* [YOUR INSTRUCTIONS]: Report how many lines below contain the word "Analysis", and give only that number.

Start of DATASET RECORDS

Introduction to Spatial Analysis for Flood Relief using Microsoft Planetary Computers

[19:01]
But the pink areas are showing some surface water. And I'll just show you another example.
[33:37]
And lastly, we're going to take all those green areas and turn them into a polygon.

End of DATASET RECORDS
Start of DATASET RECORDS

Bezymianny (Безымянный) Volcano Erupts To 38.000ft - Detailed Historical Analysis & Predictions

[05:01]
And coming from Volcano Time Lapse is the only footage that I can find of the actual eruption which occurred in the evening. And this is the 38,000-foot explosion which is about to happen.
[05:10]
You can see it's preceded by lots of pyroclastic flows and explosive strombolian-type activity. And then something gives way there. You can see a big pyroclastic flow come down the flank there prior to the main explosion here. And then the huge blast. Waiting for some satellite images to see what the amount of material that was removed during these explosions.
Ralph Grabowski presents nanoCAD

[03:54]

End of DATASET RECORDS

* [REPLY TO THE TASK]: 2